He stops pushing at their connection and tries a different tack. “If I was the one who locked you away, then why would I free you?”

Doubt flits on her face for an instant. “You wanted to kill me.” She gestures at him with the scythe blade. “You said so when you caught me the first time.”

“Why would I wait till now?” he points out. “I could have done that the moment I broke down your door.”

She is stymied again but she doesn’t lower her guard. “You’re afraid,” Maka answers. “As much as you try to hide it, you’re afraid of everything. Of light, of yourself, of what’s in your mind. I felt it.” She unravels his masks with deadly precision, exposing things he’s never even fully admitted to himself. “Or do you deny that too?”

Soul fixes his eyes on a point on the ground. “I...don’t.”

“But I’m not who you think I am,” he adds quickly. “Asura and Arachne are the-”

“Asura?” The scythe slackens as Maka’s expression turns distant and blank.

Soul waits for minutes and then Maka opens her mouth.

“He brought down the night,” she whispers, still somewhere far away. “He killed Vajra and the witches took over.” Her words become frantic. “He chased my people out of Sathros and he tracked me down and he sealed me away in the darkness and I failed everyone, I failed-”

“Maka?” He takes a step towards her.

She jerks away, raising the scythe. “Don’t come near me.”

He draws back. “Why did you say you failed?”

“Because I-” Her voice breaks and her face works furiously for several moments. When she speaks, her voice is steady. “I wield the Grigori scythe.”

They look at the Kokketsu scythe and then at each other at the same time.

A horn sounds from far off.

Maka starts. “Who is that?”

“Asura’s soldiers,” he answers. “And they’re not going to be happy to see either of us so we need to get moving now.”

She throws him a dark look. “Who says I’m going with you?”

“I said I’d help you,” he says, tilting his head to hear better. The soldiers are still far away enough that they can get away if they move fast. “Do you know where you’re going?”

The words roll off her tongue reluctantly. “We had a resistance group in Traicor.”

“Where?”

“I don’t know the name.” She wavers. “It was near a desert mountain range with four peaks. They looked like a crown.”

He recognizes the description. “Those are the Lorios mountains. They’re not far from the border,” he says. “I can get you to them.”

Maka’s eyes widen momentarily before narrowing. “And why should I trust you?”

“I can’t convince you to trust me unless you want to,” he answers. “But know that even without the scythe, I could go.”

Soul meets her eyes. “I’m not leaving.”

Maka stares at him and Soul stares back, their link opening for the first time since they left the cave.

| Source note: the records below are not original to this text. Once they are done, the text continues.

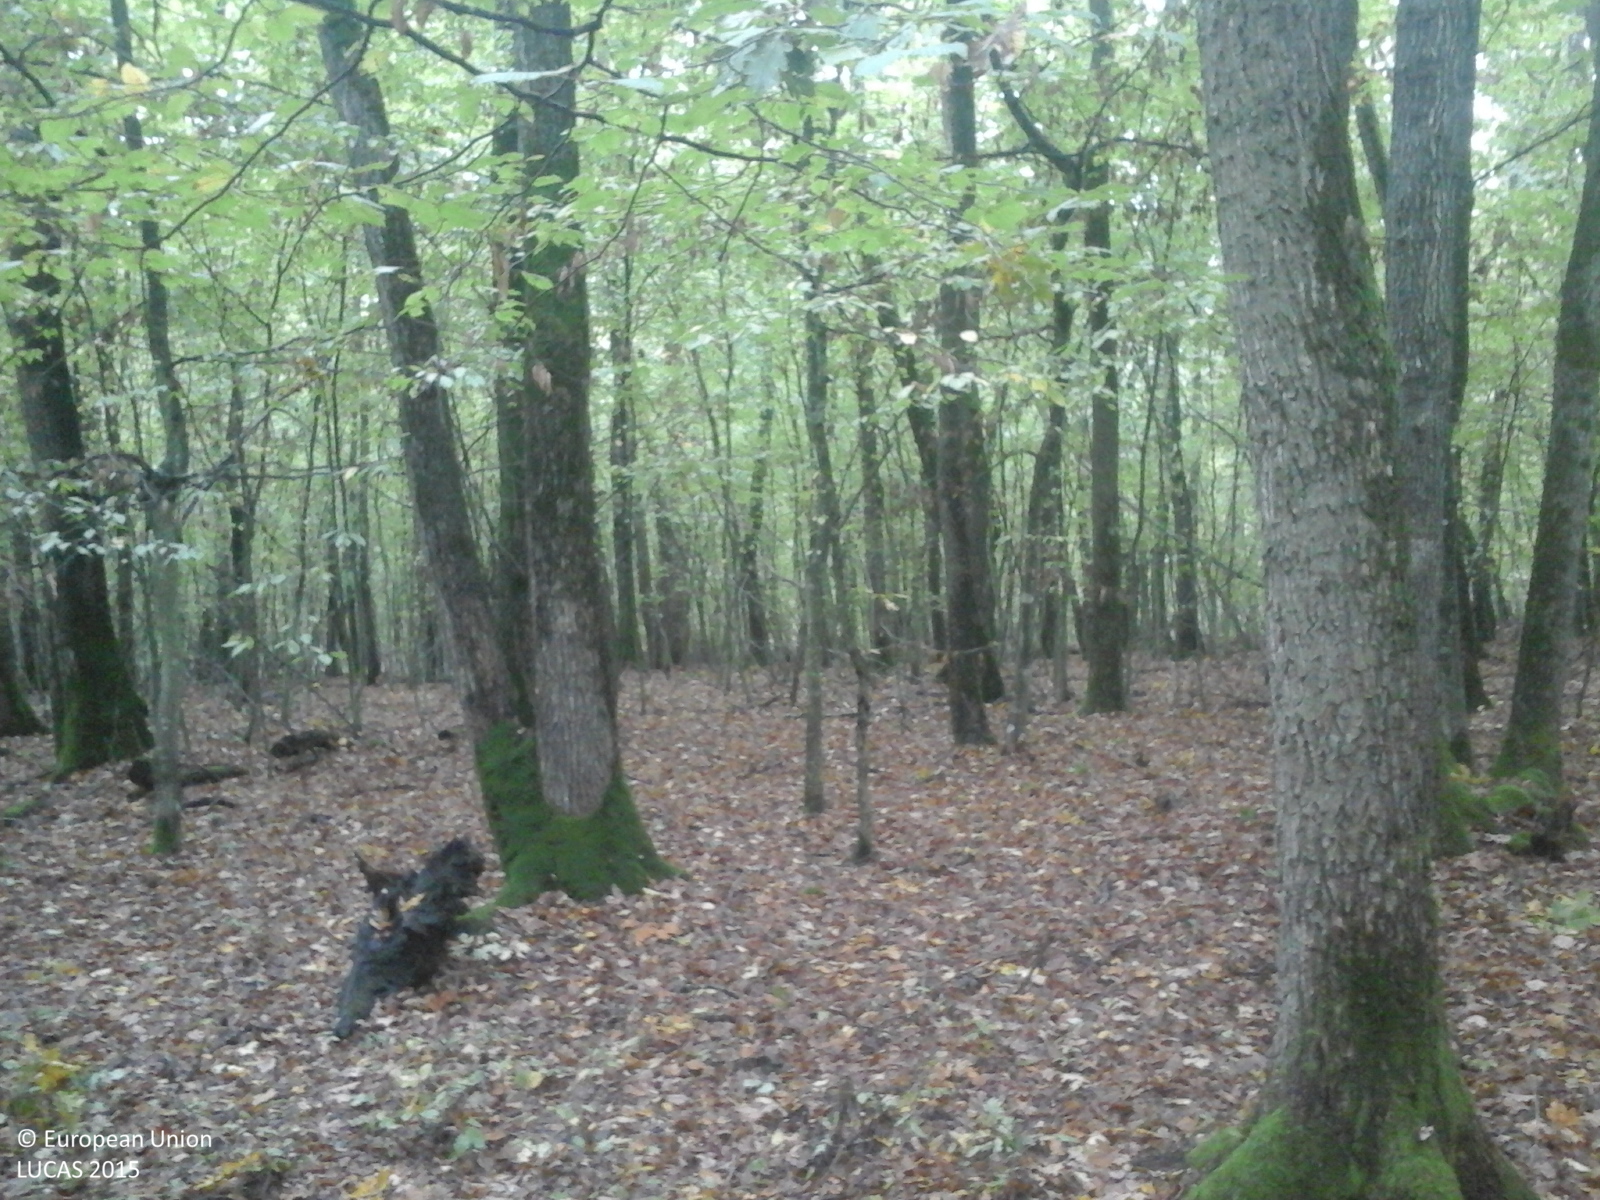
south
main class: Woodland
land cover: Broadleaved woodland
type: acidophilous oak and oak-birch forest
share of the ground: > 75 %
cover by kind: broadleaved forest trees 100 %
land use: Forestry
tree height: > 5 m
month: October
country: RO
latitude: 45.8620
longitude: 24.8110
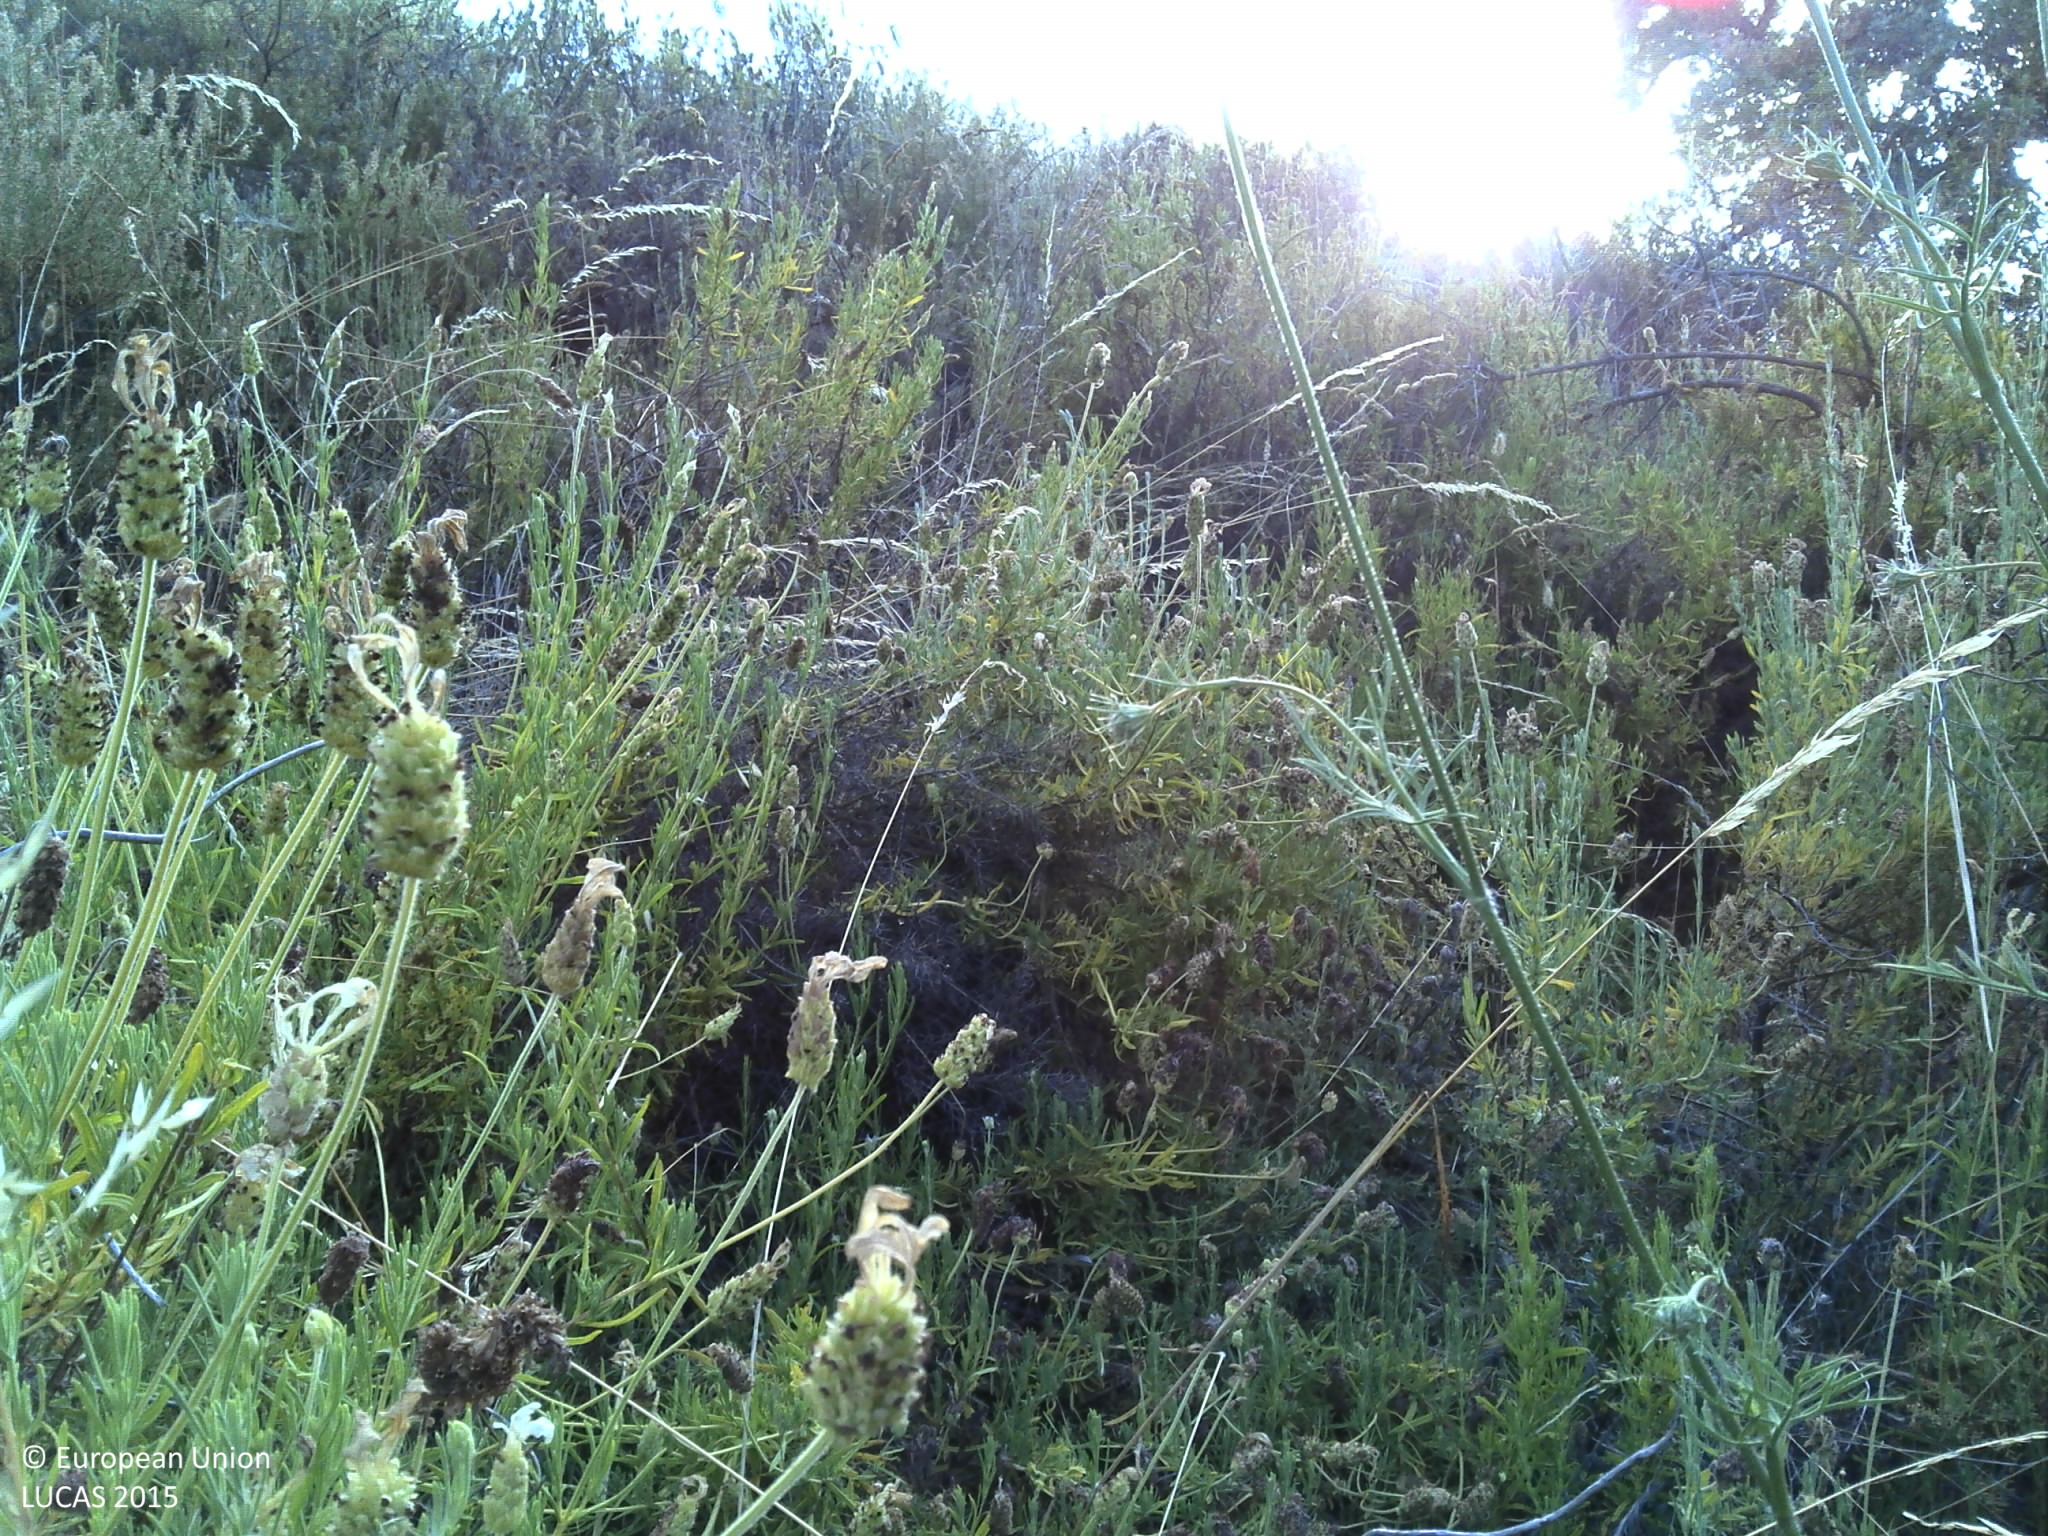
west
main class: Shrubland
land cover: Shrubland with sparse tree cover
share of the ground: > 75 %
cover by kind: shrubs 95 %, broadleaved forest trees 5 %
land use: Abandoned areas
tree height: < 5 m
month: June
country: PT
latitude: 37.7465
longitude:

“Fine,” she finally says. She tightens her grip on the scythe and the link shuts. “But I’m keeping this until we get to Traicor and you get me to the resistance.”

* * *

Soul listens to the forest for a minute before relaxing. “This is far enough.” He shrugs off his pack and props it against a tree. “We’ll be safe sleeping here.”

Maka eyes him warily from the other side of the small clearing. “How can you be sure?”

“Night elves were created to get around by other ways than sight,” he says, rummaging around in the pack. “Our hearing is the best sense we have.” He pulls out a blanket and shakes it out, extending it to her.

She sits in front of a fallen log and places the Kokketsu scythe behind her, pulling her legs to her chest.

The movement draws Soul attention to her feet and bile rises in his mouth as he catches sight of the mangled mess of her toes. “What happened to your feet?”

An abashed look crosses Maka’s face. “I had to try to escape, I wasn’t just going to sit there and do nothing,” she says defensively, her chagrin permeating through the block in their connection.

He resists the urge to shake his head. “I’ve got some bandages and salves.”

She waves him away. “I can heal myself.”

Soul sits back and watches for several minutes as Maka silently struggles to summon her magic.

When she gives up, she throws him a glare like she holds him personally responsible. “I was stuck in that crystal for a long time.”

He raises his hands in surrender. “I didn’t say anything.”

“But you were thinking it.”

“If you opened up our link, you’d know that’s untrue.”

She harrumphs but makes no reply.

“Can I bandage your feet now?” Soul asks.

“They’ll heal on their own.”

He can’t fight the urge to roll his eyes. “If those get infected, then your only problem won’t be Asura.”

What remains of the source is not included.